Action item: After finding the line that includes "Faces by surface" in the records below, transcribe it and each line after it through the last, exactly, and add nothing.

Recorded data:

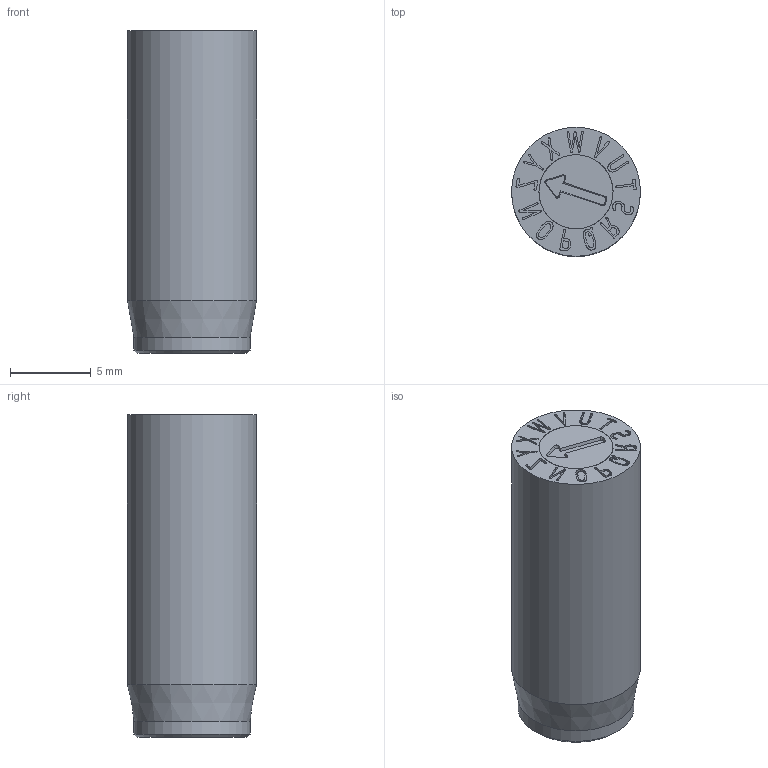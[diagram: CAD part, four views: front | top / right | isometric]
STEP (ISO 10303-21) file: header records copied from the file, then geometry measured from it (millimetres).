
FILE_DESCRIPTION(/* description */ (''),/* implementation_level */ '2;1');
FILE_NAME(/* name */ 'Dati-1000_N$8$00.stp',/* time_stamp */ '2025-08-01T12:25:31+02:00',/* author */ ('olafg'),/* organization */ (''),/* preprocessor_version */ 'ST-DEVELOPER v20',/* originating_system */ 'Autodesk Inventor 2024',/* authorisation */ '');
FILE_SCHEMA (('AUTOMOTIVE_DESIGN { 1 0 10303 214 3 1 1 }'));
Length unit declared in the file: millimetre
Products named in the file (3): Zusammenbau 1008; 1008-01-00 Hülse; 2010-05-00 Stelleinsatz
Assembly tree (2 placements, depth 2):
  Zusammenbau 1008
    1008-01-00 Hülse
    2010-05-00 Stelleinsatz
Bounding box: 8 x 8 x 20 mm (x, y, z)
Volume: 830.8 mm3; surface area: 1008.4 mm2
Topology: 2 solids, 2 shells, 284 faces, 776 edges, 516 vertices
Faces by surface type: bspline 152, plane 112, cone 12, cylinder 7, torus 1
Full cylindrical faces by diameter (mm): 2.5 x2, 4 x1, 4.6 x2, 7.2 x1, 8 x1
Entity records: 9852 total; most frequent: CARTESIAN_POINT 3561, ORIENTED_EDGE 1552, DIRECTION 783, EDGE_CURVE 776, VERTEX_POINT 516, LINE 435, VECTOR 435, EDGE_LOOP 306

Solution for this problem:
Faces by surface type: bspline 152, plane 112, cone 12, cylinder 7, torus 1
Full cylindrical faces by diameter (mm): 2.5 x2, 4 x1, 4.6 x2, 7.2 x1, 8 x1
Entity records: 9852 total; most frequent: CARTESIAN_POINT 3561, ORIENTED_EDGE 1552, DIRECTION 783, EDGE_CURVE 776, VERTEX_POINT 516, LINE 435, VECTOR 435, EDGE_LOOP 306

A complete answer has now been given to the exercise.